Segment Start: DATA SHOWN

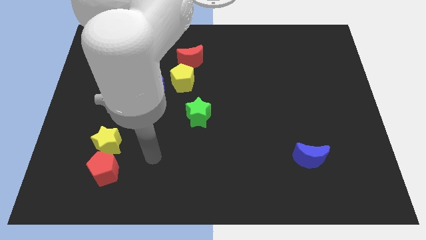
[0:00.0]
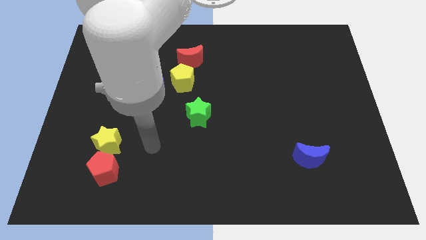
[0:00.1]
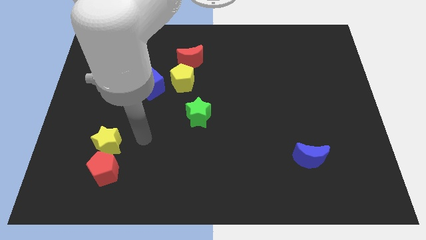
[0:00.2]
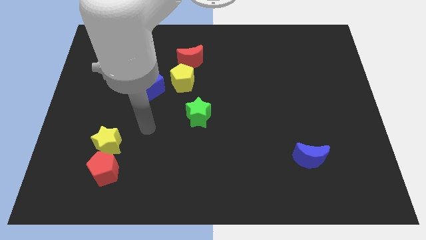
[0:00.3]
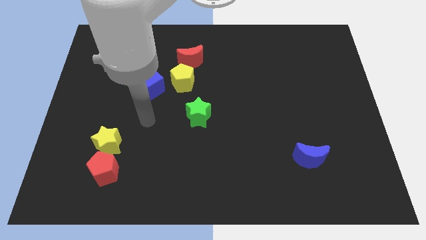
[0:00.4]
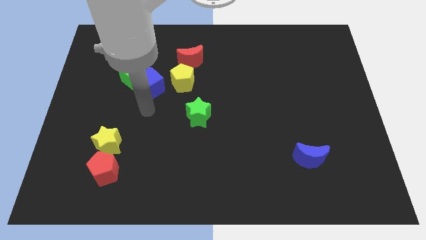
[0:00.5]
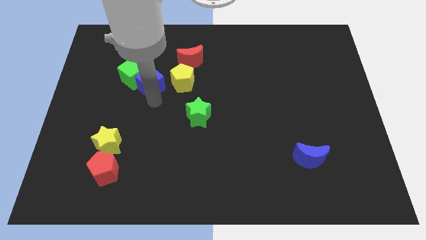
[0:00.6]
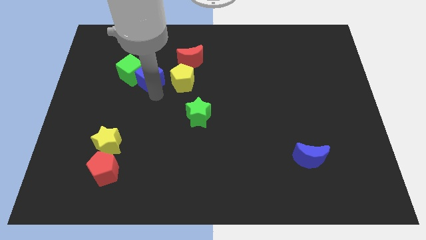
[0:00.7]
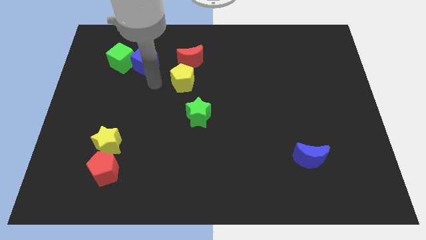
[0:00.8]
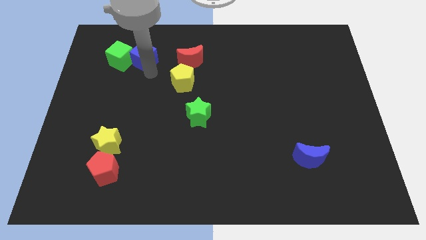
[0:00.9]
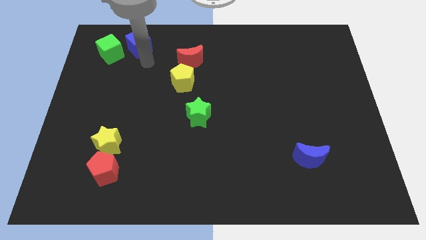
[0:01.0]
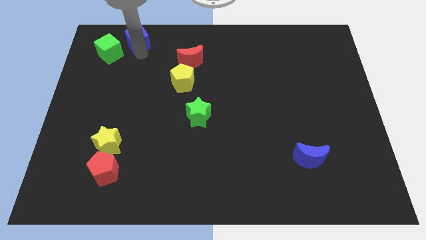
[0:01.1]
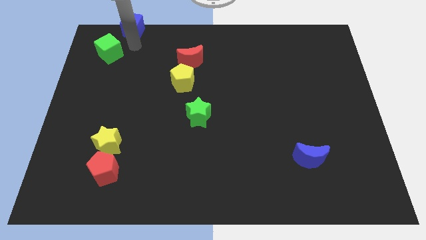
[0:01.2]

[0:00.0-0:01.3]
move the green cube away from the blue cube

Segment End: DATA SHOWN

**DIRECTIONS FOR THIS TASK**
The pictures stay out; copy the rest of the data word for word.

**TASK SOLUTION**
[0:00.0]
[0:00.1]
[0:00.2]
[0:00.3]
[0:00.4]
[0:00.5]
[0:00.6]
[0:00.7]
[0:00.8]
[0:00.9]
[0:01.0]
[0:01.1]
[0:01.2]

[0:00.0-0:01.3]
move the green cube away from the blue cube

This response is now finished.